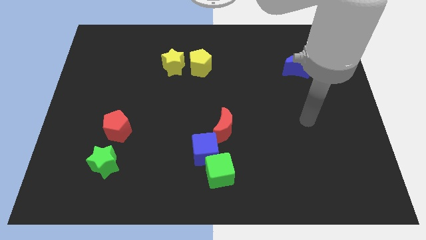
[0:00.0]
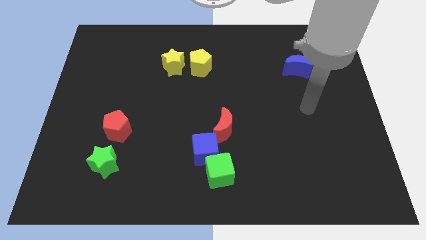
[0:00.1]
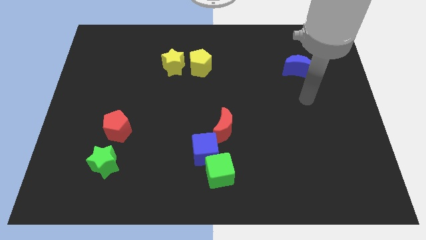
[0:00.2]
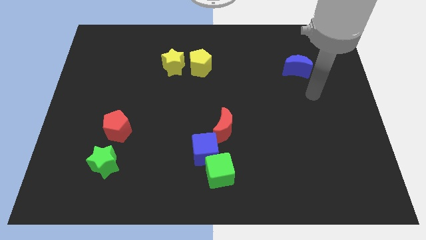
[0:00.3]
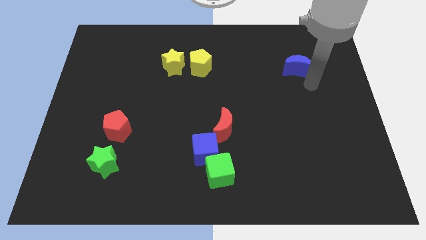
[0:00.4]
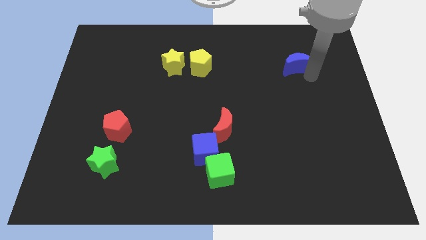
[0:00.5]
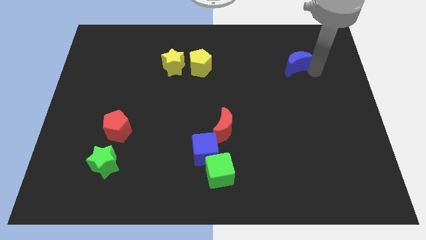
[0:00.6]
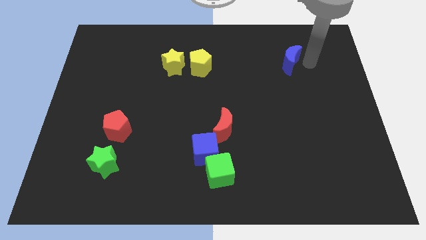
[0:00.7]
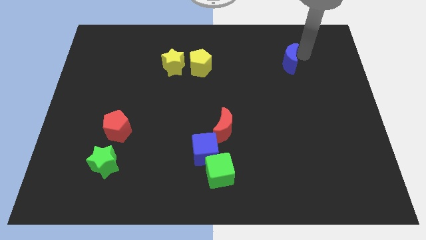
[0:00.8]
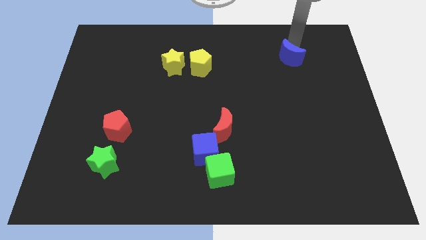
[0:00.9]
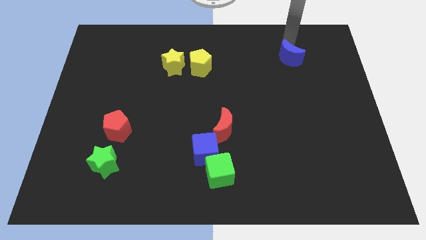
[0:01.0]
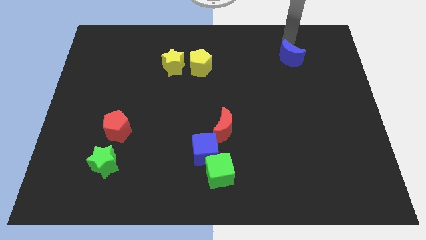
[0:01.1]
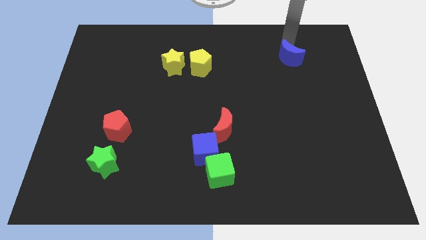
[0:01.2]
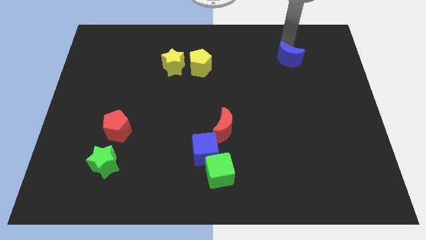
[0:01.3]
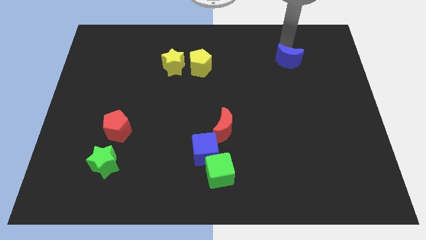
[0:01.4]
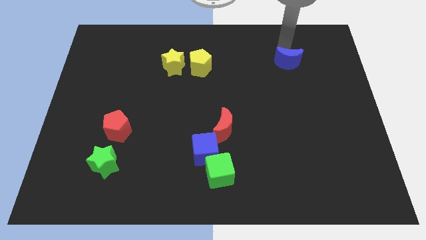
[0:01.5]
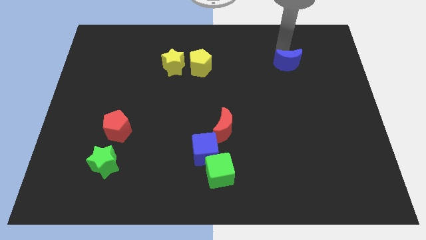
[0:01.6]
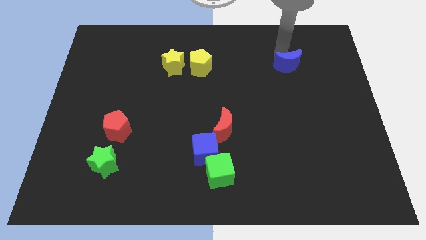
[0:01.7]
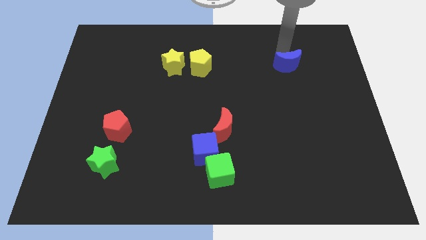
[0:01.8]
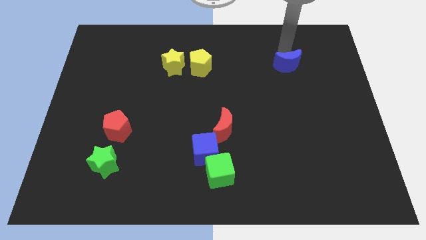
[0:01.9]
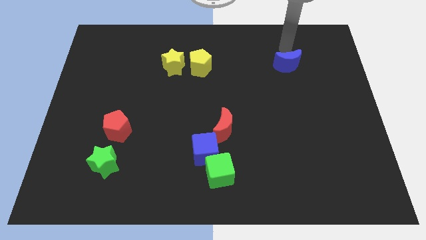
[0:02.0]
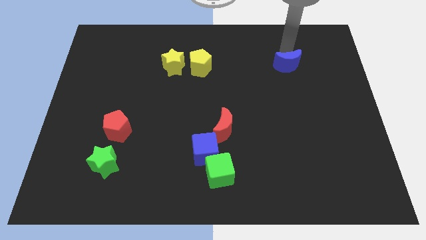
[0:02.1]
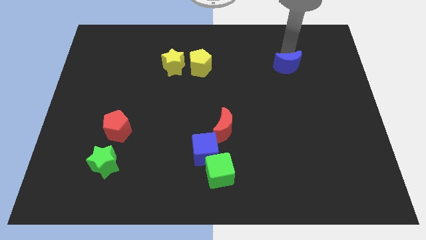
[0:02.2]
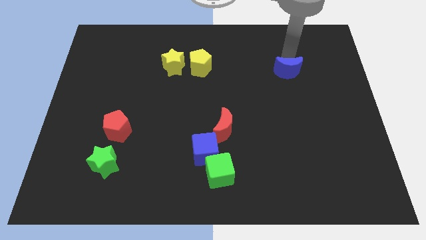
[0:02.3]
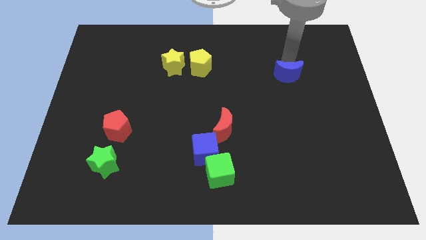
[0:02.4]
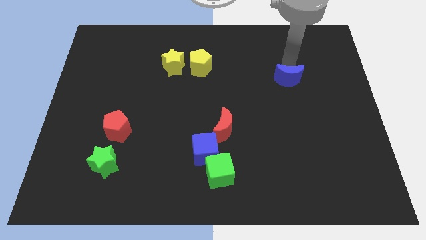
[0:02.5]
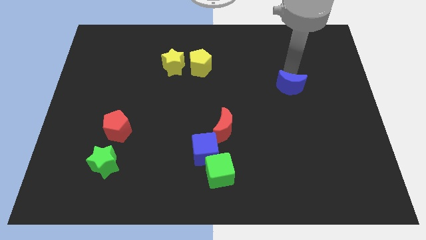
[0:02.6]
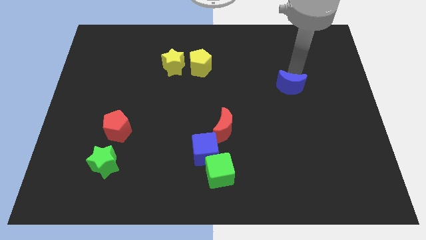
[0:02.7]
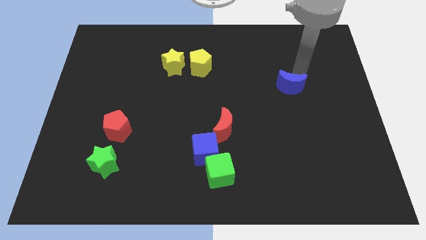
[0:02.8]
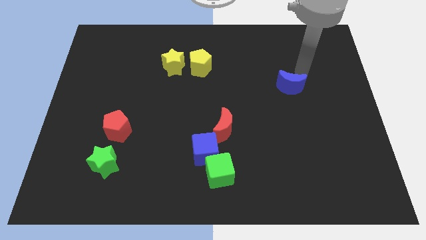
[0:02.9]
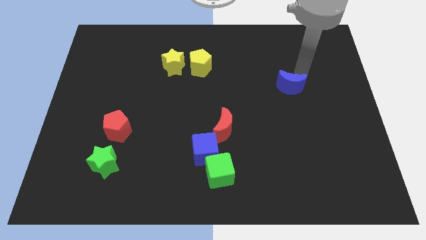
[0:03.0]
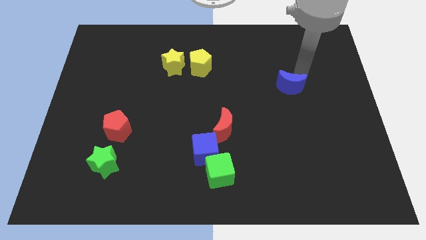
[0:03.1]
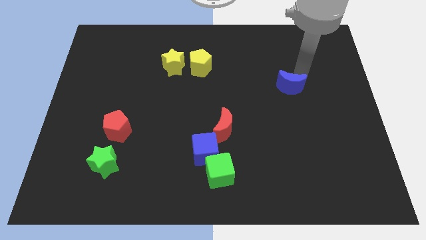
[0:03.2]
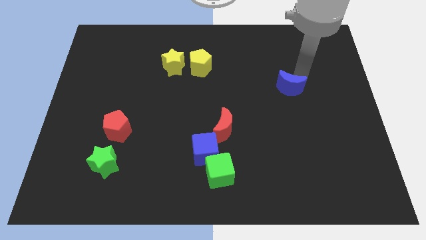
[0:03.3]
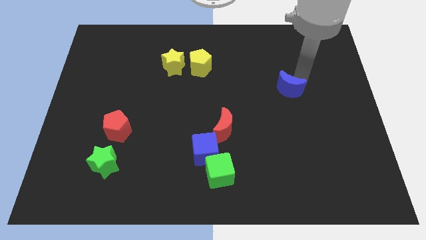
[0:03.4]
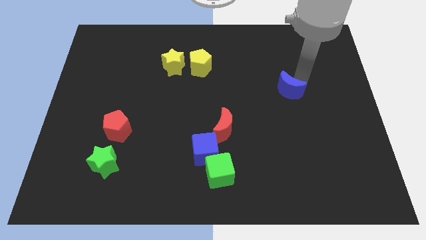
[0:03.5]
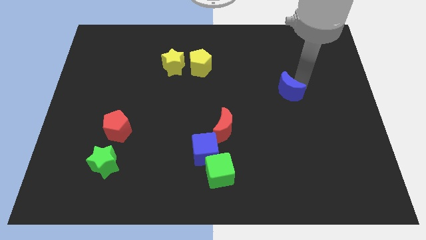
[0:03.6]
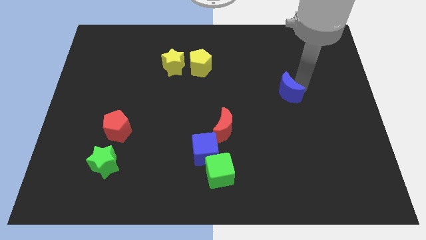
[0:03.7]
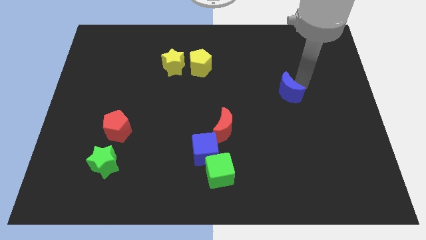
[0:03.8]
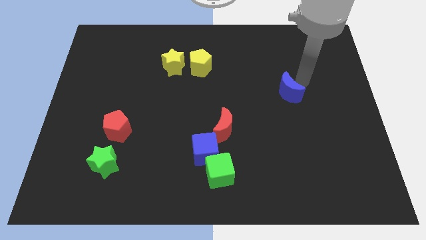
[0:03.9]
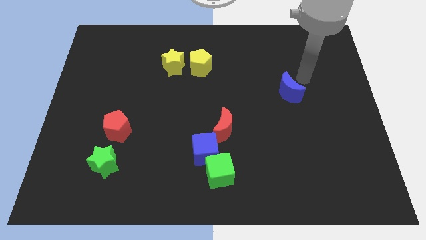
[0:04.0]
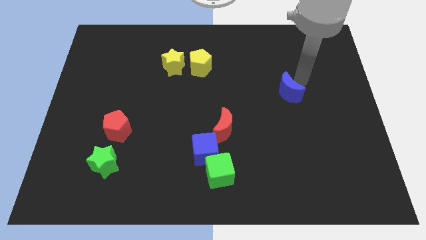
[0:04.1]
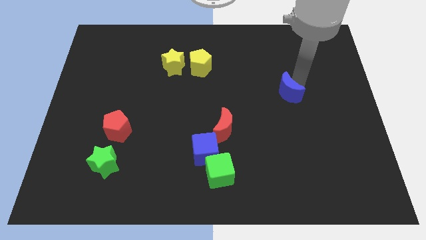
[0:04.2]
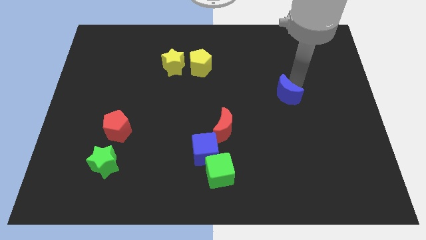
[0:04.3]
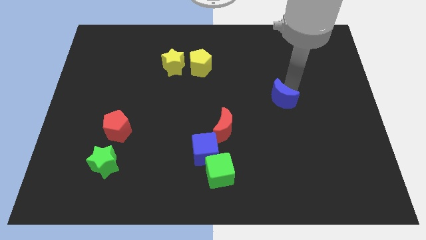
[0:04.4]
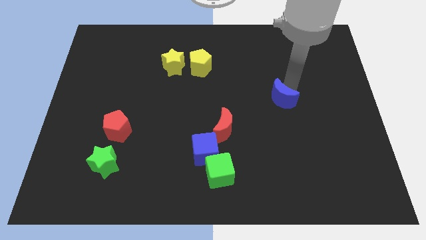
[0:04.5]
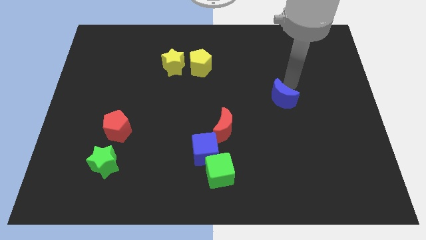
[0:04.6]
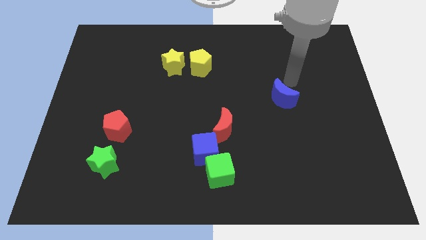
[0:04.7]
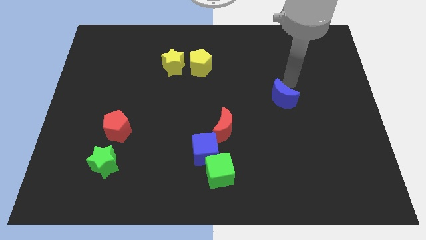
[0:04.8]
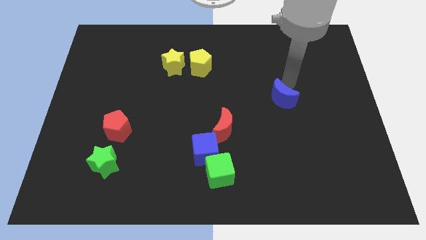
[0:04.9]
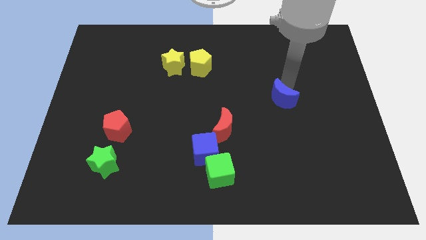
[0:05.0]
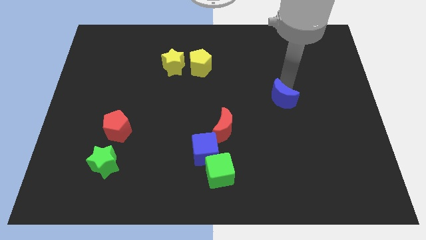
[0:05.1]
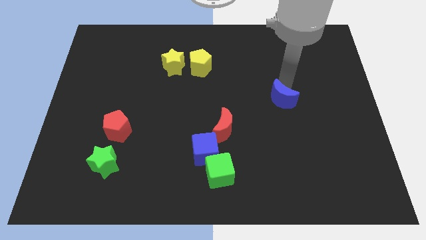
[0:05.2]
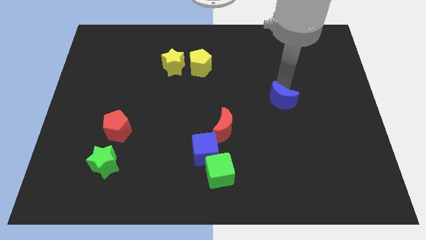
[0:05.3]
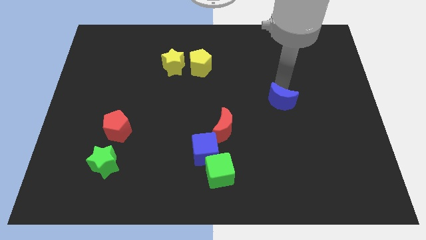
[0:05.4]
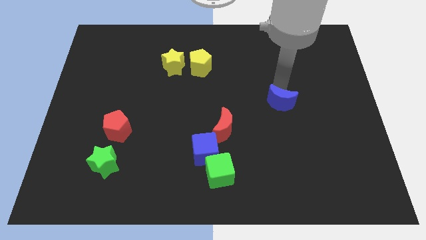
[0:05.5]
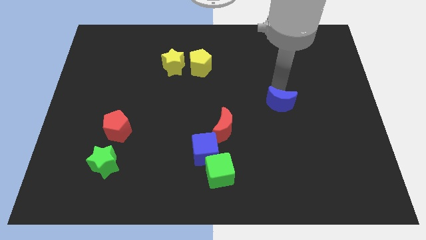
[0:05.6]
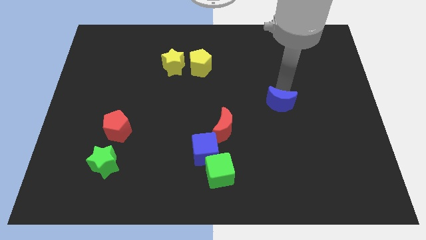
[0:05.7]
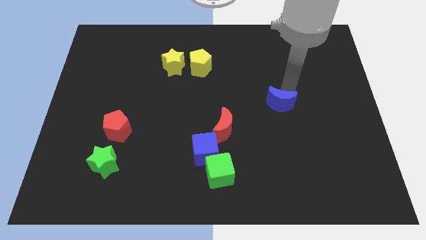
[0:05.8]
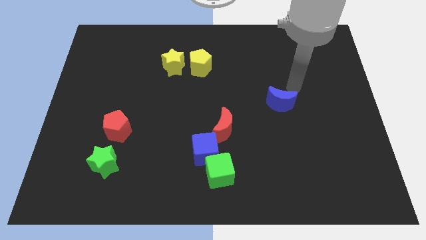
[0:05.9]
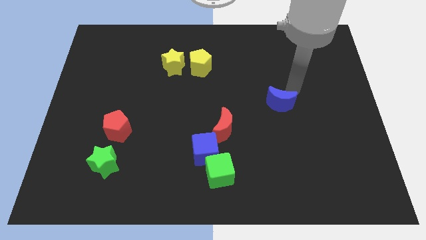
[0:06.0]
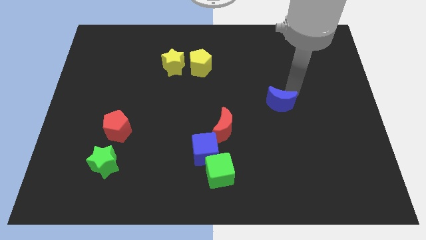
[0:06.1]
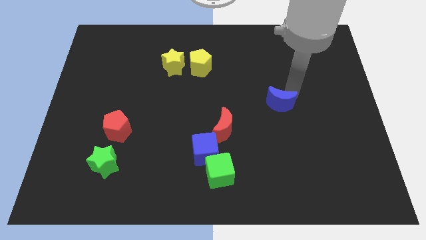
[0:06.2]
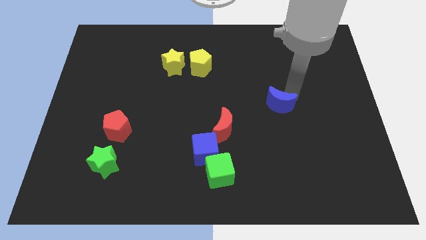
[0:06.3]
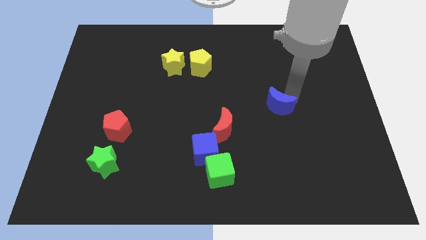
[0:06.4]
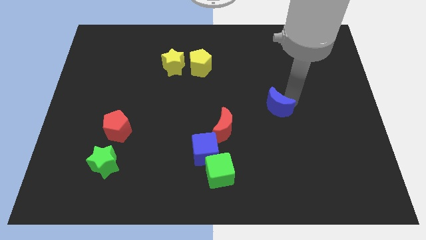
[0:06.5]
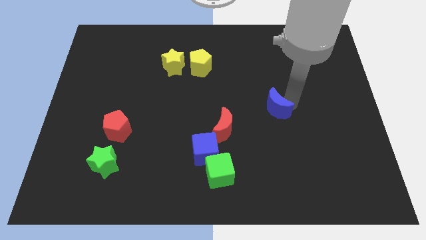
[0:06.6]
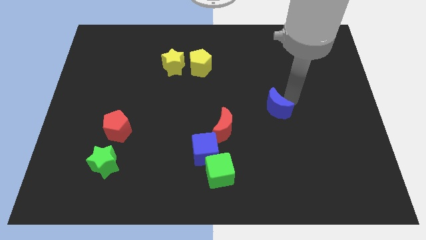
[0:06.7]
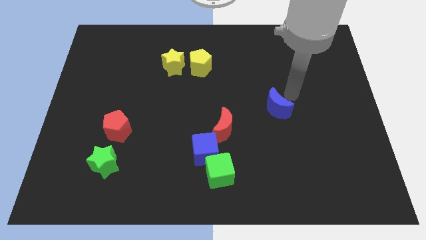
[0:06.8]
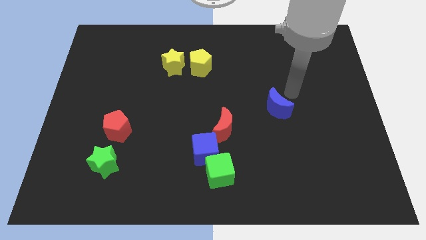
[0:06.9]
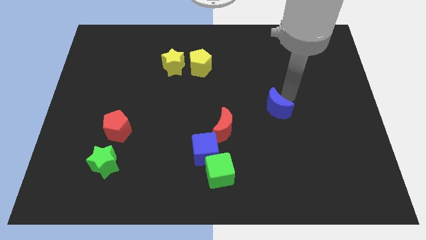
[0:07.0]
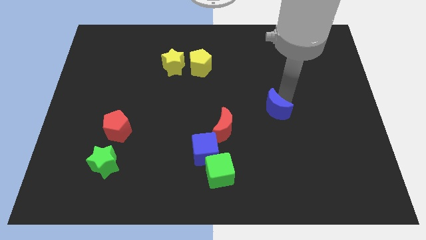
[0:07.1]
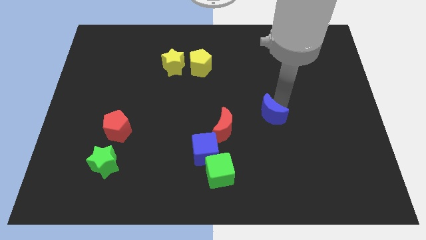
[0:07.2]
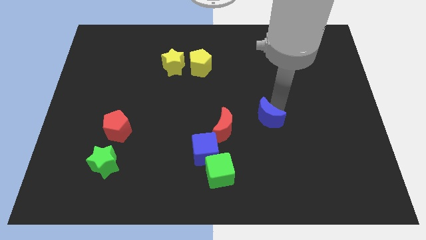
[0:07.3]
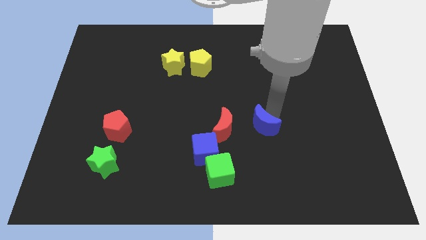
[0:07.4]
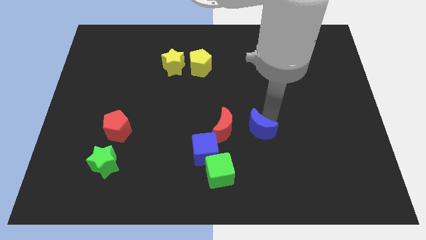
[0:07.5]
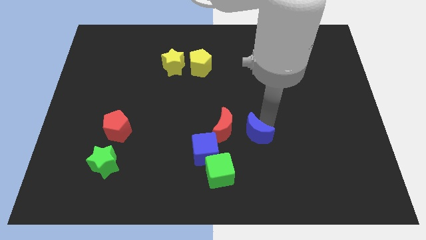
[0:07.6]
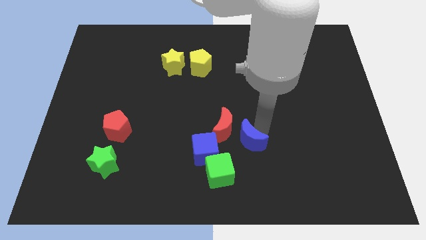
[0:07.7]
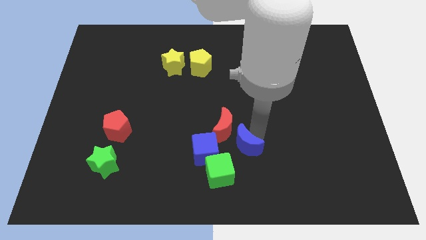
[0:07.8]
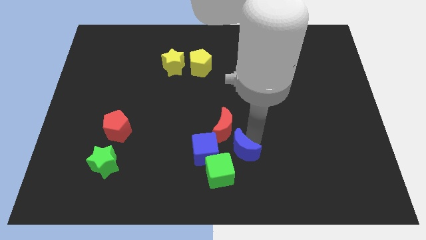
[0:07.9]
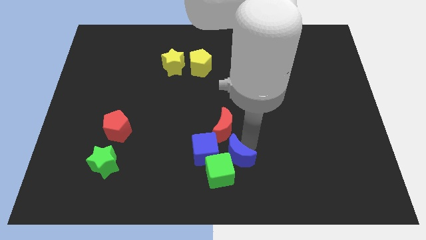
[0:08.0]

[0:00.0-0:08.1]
slide the blue moon next to the green cube

§ WHAT THE TASK ASKS: Without the pictures, return all the entries above exactly as they stand.

§ TASK ANSWER:
[0:00.0]
[0:00.1]
[0:00.2]
[0:00.3]
[0:00.4]
[0:00.5]
[0:00.6]
[0:00.7]
[0:00.8]
[0:00.9]
[0:01.0]
[0:01.1]
[0:01.2]
[0:01.3]
[0:01.4]
[0:01.5]
[0:01.6]
[0:01.7]
[0:01.8]
[0:01.9]
[0:02.0]
[0:02.1]
[0:02.2]
[0:02.3]
[0:02.4]
[0:02.5]
[0:02.6]
[0:02.7]
[0:02.8]
[0:02.9]
[0:03.0]
[0:03.1]
[0:03.2]
[0:03.3]
[0:03.4]
[0:03.5]
[0:03.6]
[0:03.7]
[0:03.8]
[0:03.9]
[0:04.0]
[0:04.1]
[0:04.2]
[0:04.3]
[0:04.4]
[0:04.5]
[0:04.6]
[0:04.7]
[0:04.8]
[0:04.9]
[0:05.0]
[0:05.1]
[0:05.2]
[0:05.3]
[0:05.4]
[0:05.5]
[0:05.6]
[0:05.7]
[0:05.8]
[0:05.9]
[0:06.0]
[0:06.1]
[0:06.2]
[0:06.3]
[0:06.4]
[0:06.5]
[0:06.6]
[0:06.7]
[0:06.8]
[0:06.9]
[0:07.0]
[0:07.1]
[0:07.2]
[0:07.3]
[0:07.4]
[0:07.5]
[0:07.6]
[0:07.7]
[0:07.8]
[0:07.9]
[0:08.0]

[0:00.0-0:08.1]
slide the blue moon next to the green cube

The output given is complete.